I am guessing that this is due to two specific factors:
- Data layout in memory - the layout is more "compact" which decreases the total amount of memory that must be read
- Sequential
access to that memory, causing the CPU to "prefetch" the next memory
line into the CPU cache, so it is already there when it is needed i.e.
overlapping the processing of one memory line with the fetching of the
next memory line
Note that this is based on what I have read on In-Memory
as I've not yet had a chance to do any real testing of it yet. Again,
thanks to Tanel for both doing some real testing and for sharing all the
results he got from those tests.
In the traditional buffer cache
a data block will span multiple memory lines (assuming a 64 byte memory
cache line, as Tanel states) and this will contain data for all the
columns in a row. When you only need the data from one column it means
that you are skipping about in memory quite a lot, jumping from row to
row, and not using most of the data in each block or memory line. In
the new In-Memory cache the data is stored by column, so all the data
for one column is stored together, next to each other in memory. This
immediately reduces the total amount of memory that must be read to
access the data for one column across all the rows in the table.
It
also will increase the cache efficiency within the CPU, because one
memory line in the cache will contain data for multiple rows i.e. the
CPU can process the data for that column from multiple rows before it
needs to read in another memory line into cache to get the next set of
rows' data.
If the data for a column is physically laid out
sequentially and contiguously in the system's memory, then it means that
Oracle will be doing a series of sequential memory reads to process all
the data for one column. Modern CPU's can detect this kind of
sequential memory access and have an optimisation to "prefetch" the next
data line from memory while the previous data line is still being
processed.
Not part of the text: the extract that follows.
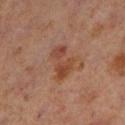Assessment:
Part of a total-body skin-imaging series; this lesion was reviewed on a skin check and was not flagged for biopsy.
Image and clinical context:
From the left lower leg. A male patient aged approximately 60. Cropped from a total-body skin-imaging series; the visible field is about 15 mm.

The net result is that stalls are either eliminated because
the next line of data is already in the CPU cache or the impact of
stalls is significantly reduced because the data is already on its way
from memory to the CPU cache.
We can see evidence for this occurring in the "
L1-dcache-prefetches
"
CPU statistic. The "L1 data cache" is the first on chip cache
immediately used by the CPU core, and is small but very fast. All data
needed by the CPU goes through this cache. Again, normalising to a
"prefetch per instruction executed" we can see that the number of data
prefetches by the CPU increased significantly during the In-Memory cache SQL query execution:
- Buffer cache SQL query execution has L1 dcache prefetch per instruction executed of 36890302 / 32115412877 = 0.00115
- In-Memory cache SQL query execution has L1 dcache prefetch per instruction executed of 25169253 / 7080326242 = 0.00355
- This gives an improvement ratio of 0.00355 / 0.00115 = 3.09
The End
Well
that's been a longer post than I wanted, but I wanted to get everything
together into one post as I'm sure Tanel will finish his series of
posts soon and probably make similar observations. And I wanted to see
if he would come to exactly the same conclusions or slightly different
ones, and doing this post was the only way to do that. Thanks again to
Tanel for doing the tests and sharing all the data with us.